Competitive Performance Without Massive Scale

Despite not being a trillion-parameter model, TikZero matches or exceeds the performance of much larger commercial systems on scientific figure synthesis benchmarks. This efficiency makes it practical for labs and individual researchers without access to enterprise-grade AI infrastructure.

Built-in Refinement via MCTS

TikZero inherits DeTikZify’s Monte Carlo Tree Search (MCTS)-based inference, which iteratively refines candidate programs over time. This leads to higher compilation success rates and geometric precision without additional training.

Ideal Use Cases

TikZero is especially valuable in the following scenarios:

Academic writing: Automatically generate LaTeX-compatible figures from paper descriptions (e.g., “a bar chart comparing model accuracy across five datasets”).
Prototyping: Turn hand-drawn sketches or vague textual ideas into precise, compilable diagrams in seconds.
Reproducibility: Reconstruct figures from papers when only raster images are available—producing editable vector code instead of static pixels.
Educational tools: Help students learn TikZ by showing how abstract descriptions map to concrete code structures.

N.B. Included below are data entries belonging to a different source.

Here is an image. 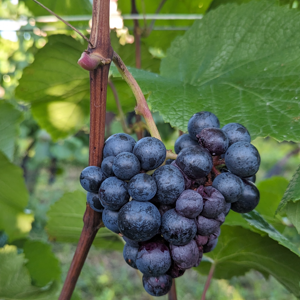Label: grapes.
Masks as SVG:
<instances>
[{"instance_id":"obj_1","label":"grapes","mask_w":300,"mask_h":300,"mask_svg":"<svg viewBox=\"0 0 300 300\" xmlns=\"http://www.w3.org/2000/svg\"><path fill=\"white\" fill-rule=\"evenodd\" d=\"M187 131L174 152L154 137L136 143L114 133L104 142L101 168L87 166L79 175L87 204L122 235L125 262L143 274L154 297L217 247L230 210L249 213L260 201V155L244 125L221 128L214 113L200 111Z\"/></svg>"}]
</instances>
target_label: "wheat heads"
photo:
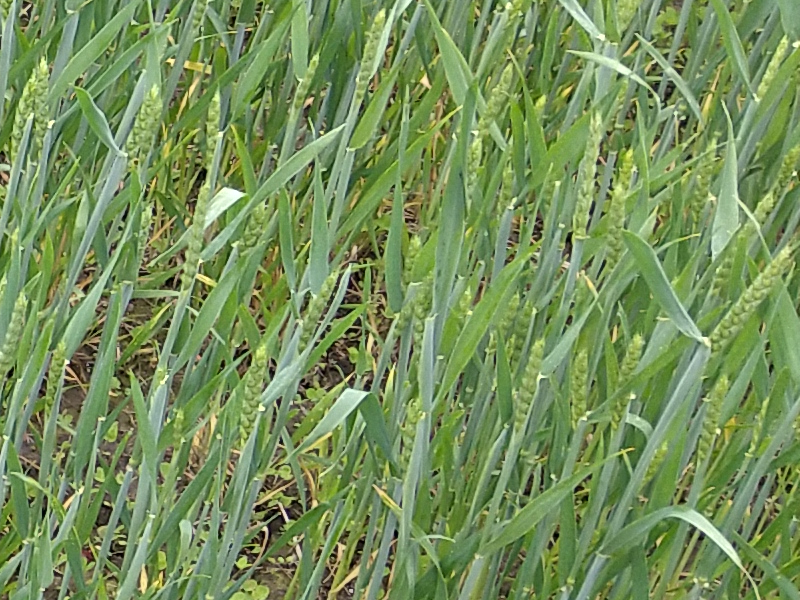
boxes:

Because outputs are real programs—not black-box images—they integrate seamlessly into version control, collaborative editing, and automated document pipelines.

Getting Started

TikZero is accessible via the DeTikZify Python package and Hugging Face models. Two main pathways exist:

Use TikZero+ directly for text-to-TikZ synthesis:

fig = pipeline.sample(text="A decision tree with three levels.")

Or attach the TikZero adapter to a DeTikZify v2 model if you already use one:

pipeline = DetikzifyPipeline(*load_adapter(*load("nllg/detikzify-v2-8b"), "nllg/tikzero-adapter"))

The system supports MCTS-based refinement for higher-quality outputs and can rasterize successful programs for visual validation. While a web UI exists for sketch-based input, text conditioning is currently only available via the programming interface.

Note: A complete TeX Live 2023 installation, along with Ghostscript and Poppler, is required to compile and render TikZ outputs.

Limitations and Practical Notes

Compilation is not guaranteed: Not every generated TikZ program will compile—common in code synthesis tasks. MCTS helps but doesn’t eliminate this.
Infrastructure requirements: Users must install LaTeX dependencies, which may be nontrivial on some systems.
Training data constraints: Due to arXiv licensing, the public DaTikZ datasets exclude some original figures, though scripts are provided to rebuild them.
No web UI for text mode (yet): Text-guided generation requires coding; the visual UI only supports image/sketch input.

These are trade-offs for a system that prioritizes editability and precision over plug-and-play simplicity.

Summary

TikZero solves a real pain point in scientific communication: turning abstract descriptions into precise, editable graphics without relying on unrealistic amounts of labeled data. By decoupling language understanding from program synthesis through visual intermediaries, it achieves strong zero-shot performance while outputting native TikZ code—enabling reproducibility, scalability, and seamless LaTeX integration. For researchers, educators, and technical writers who depend on vector-quality figures, TikZero offers a practical, open, and powerful alternative to raster-only AI tools.